> **REQUIREMENT**: Beginning at the line that contains "assim no capítulo" and finishing at the line that contains "kita luput di", output the data below exactly. Include both end lines and no pictures.

─── DATA SUPPLIED

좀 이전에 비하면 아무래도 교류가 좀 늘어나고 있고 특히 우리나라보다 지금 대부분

──────
─── DATA SUPPLIED

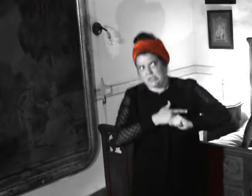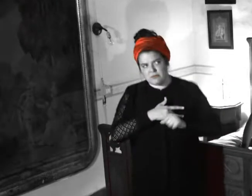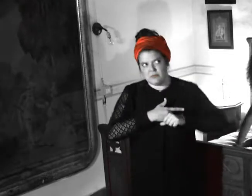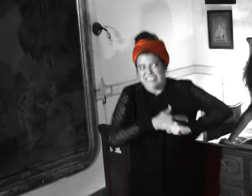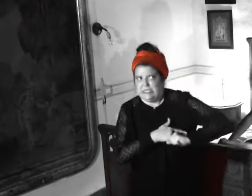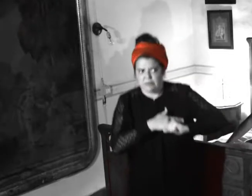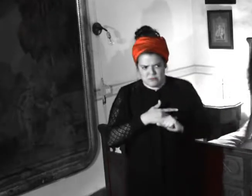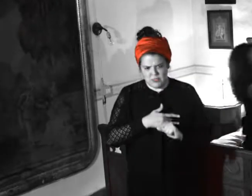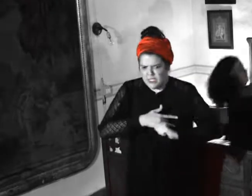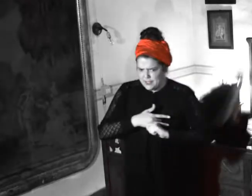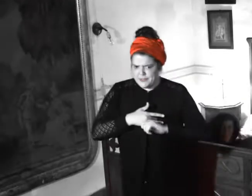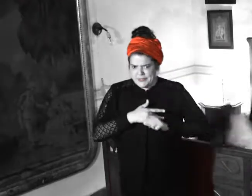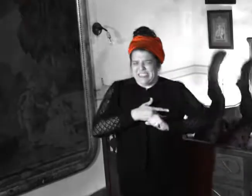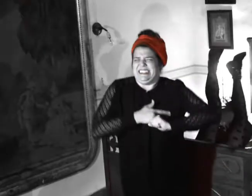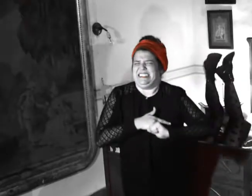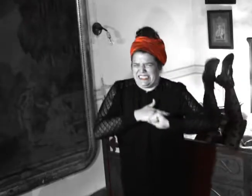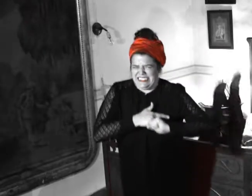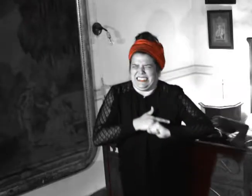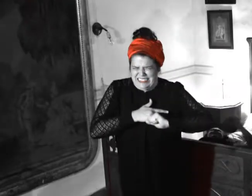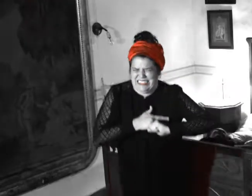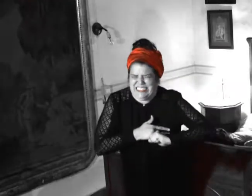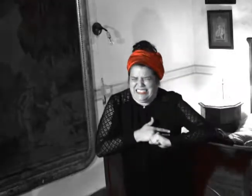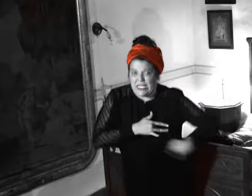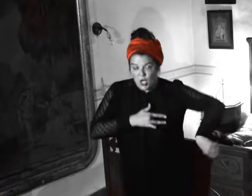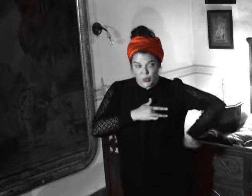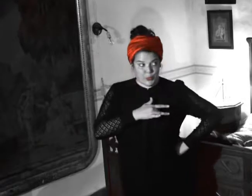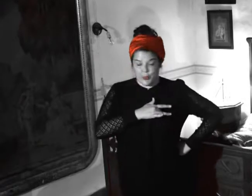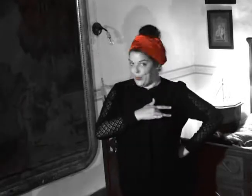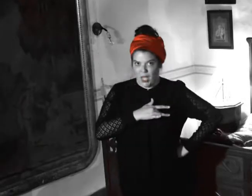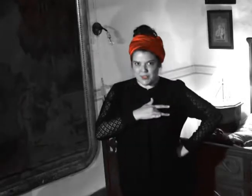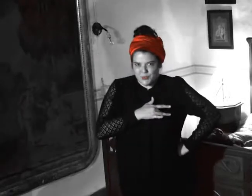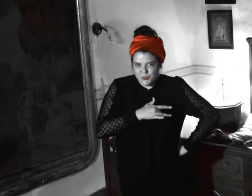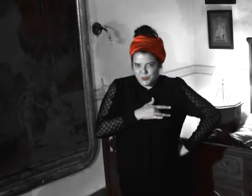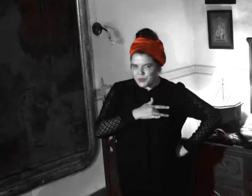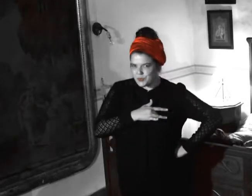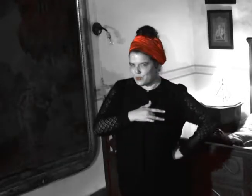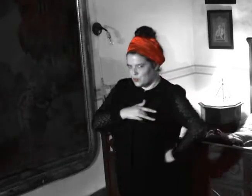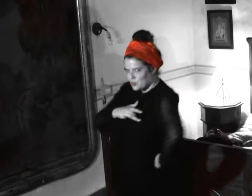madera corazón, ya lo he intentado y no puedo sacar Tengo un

──────
─── DATA SUPPLIED

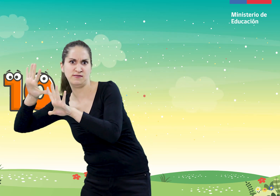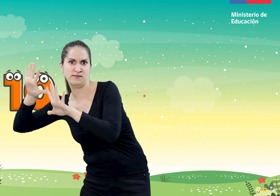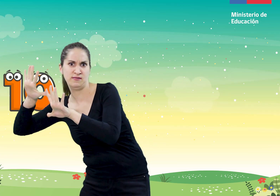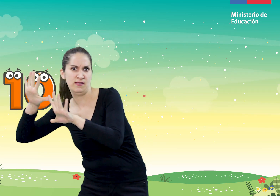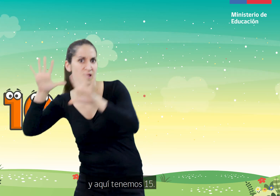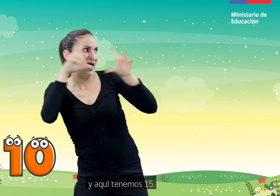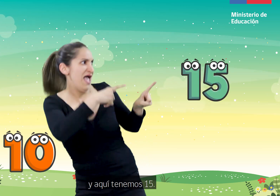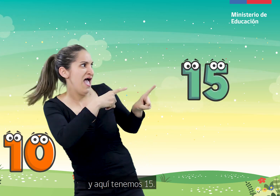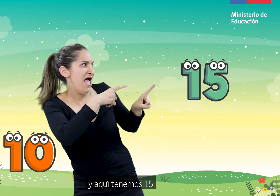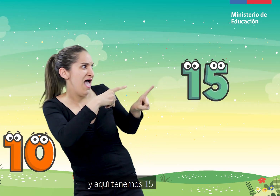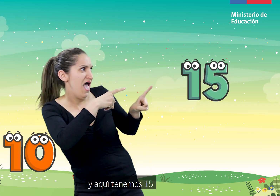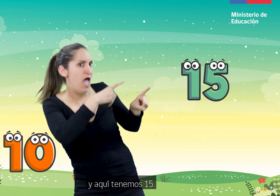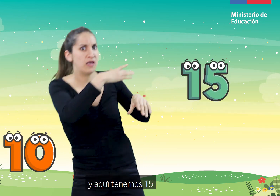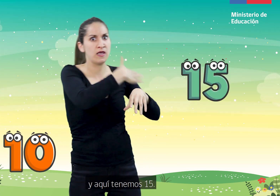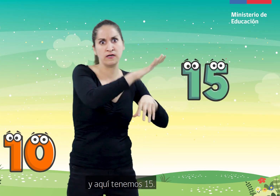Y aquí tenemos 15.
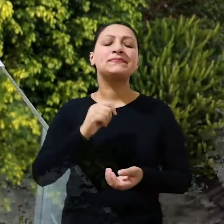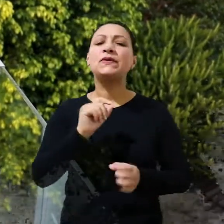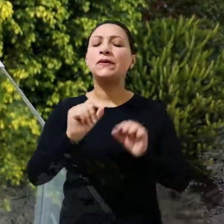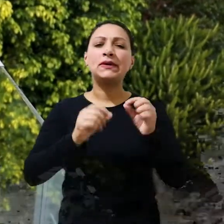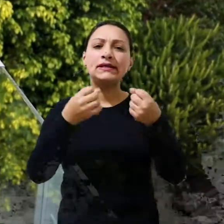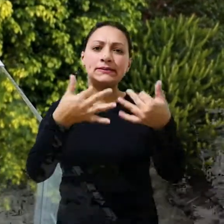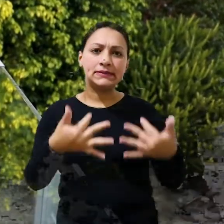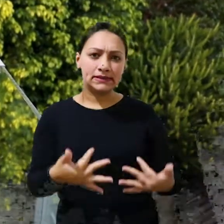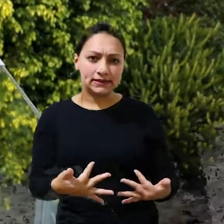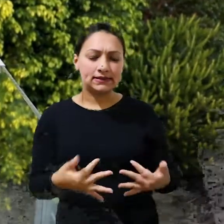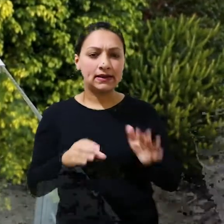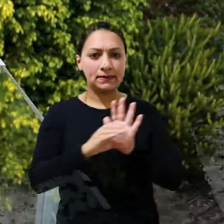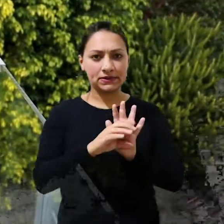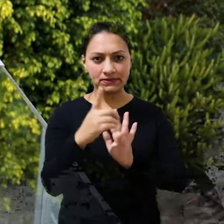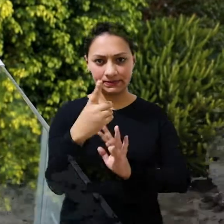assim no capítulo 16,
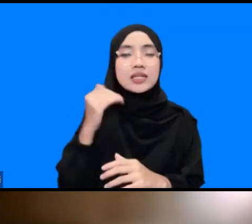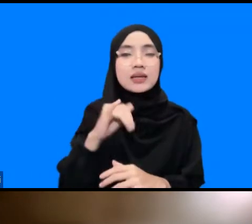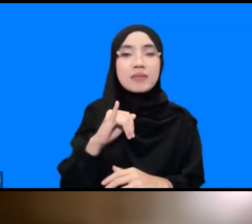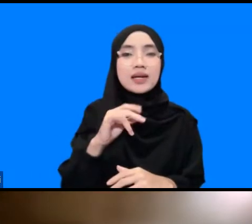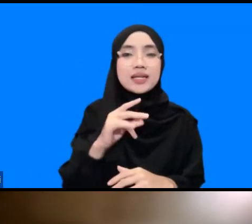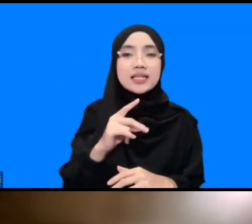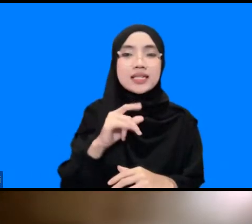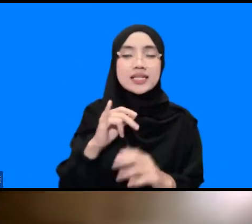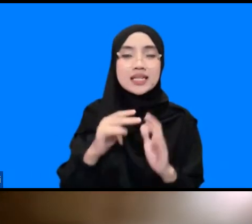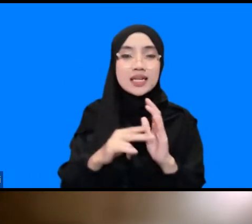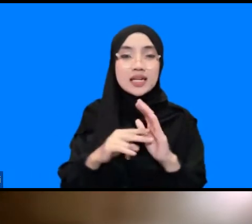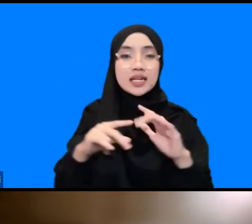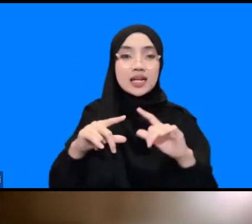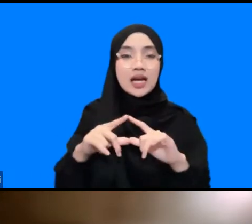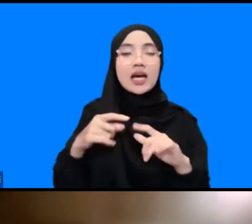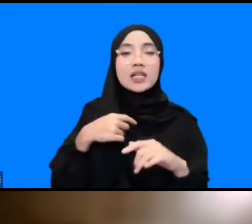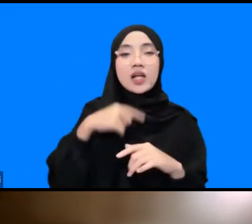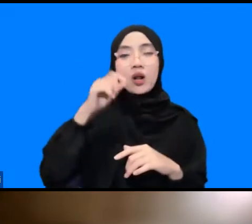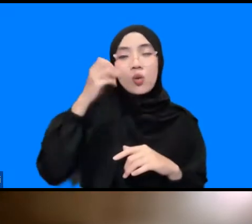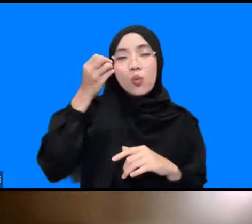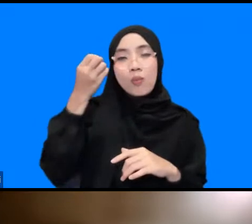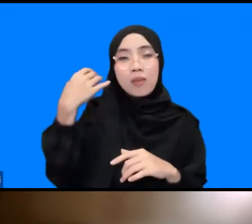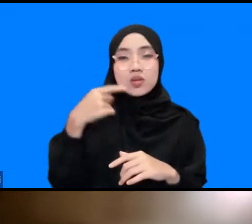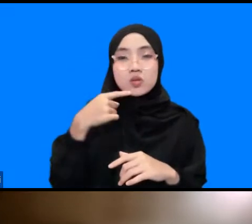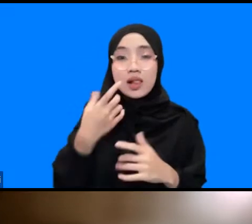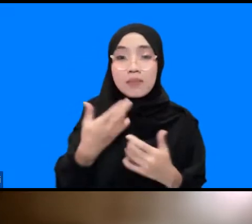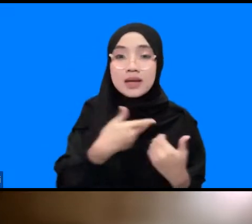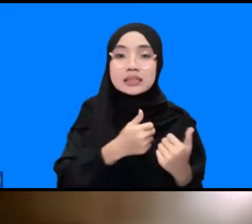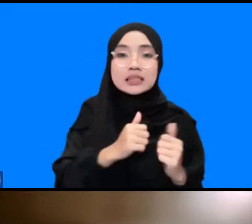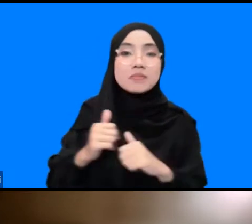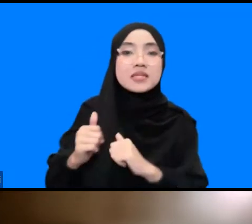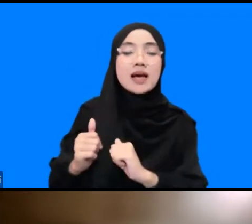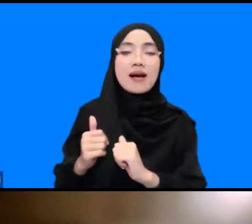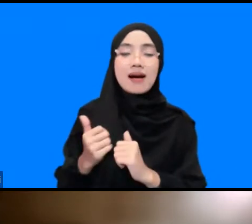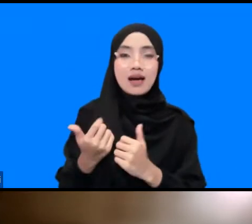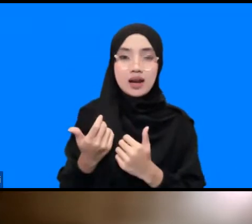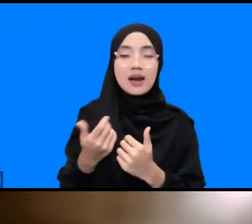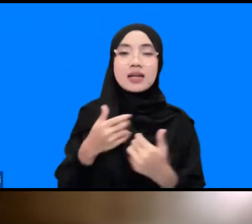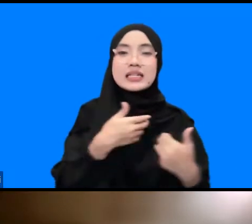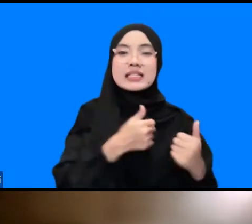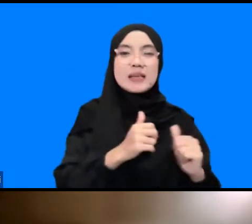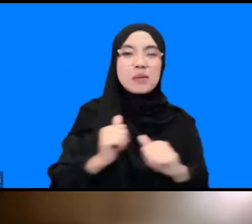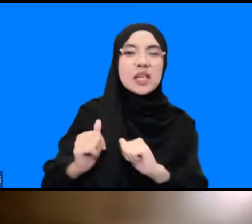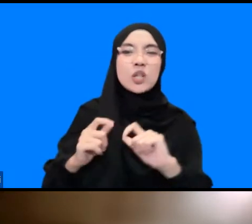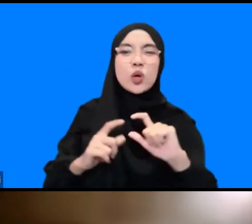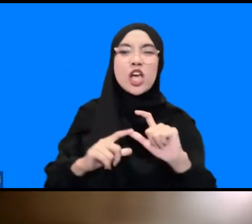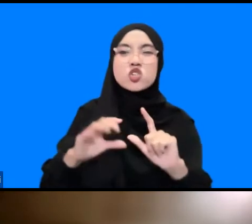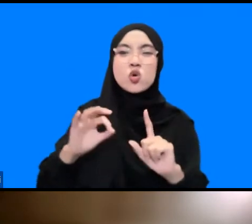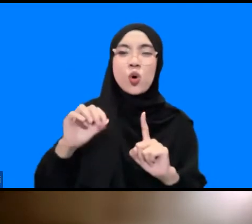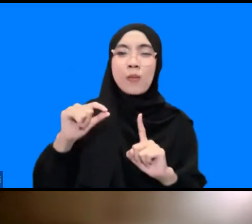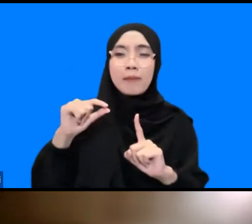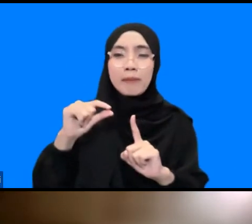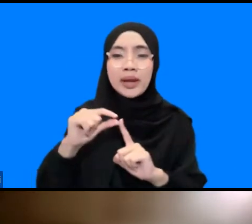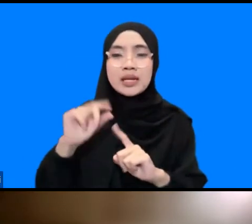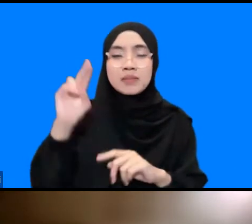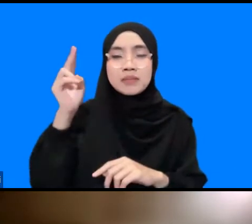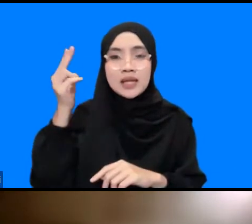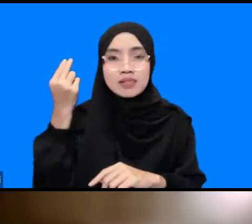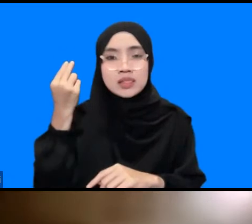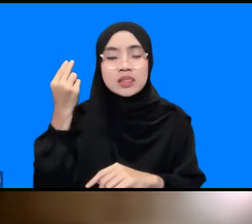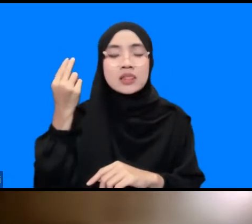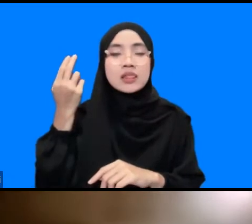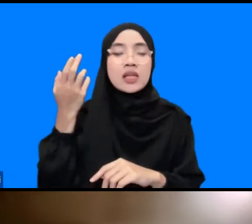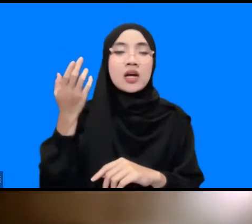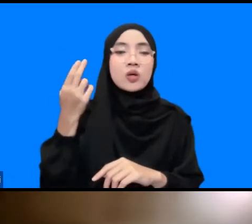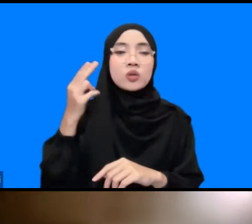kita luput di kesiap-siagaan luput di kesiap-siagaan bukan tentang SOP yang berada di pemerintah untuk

──────

> **OUTPUT BELOW**:
assim no capítulo 16,
kita luput di kesiap-siagaan luput di kesiap-siagaan bukan tentang SOP yang berada di pemerintah untuk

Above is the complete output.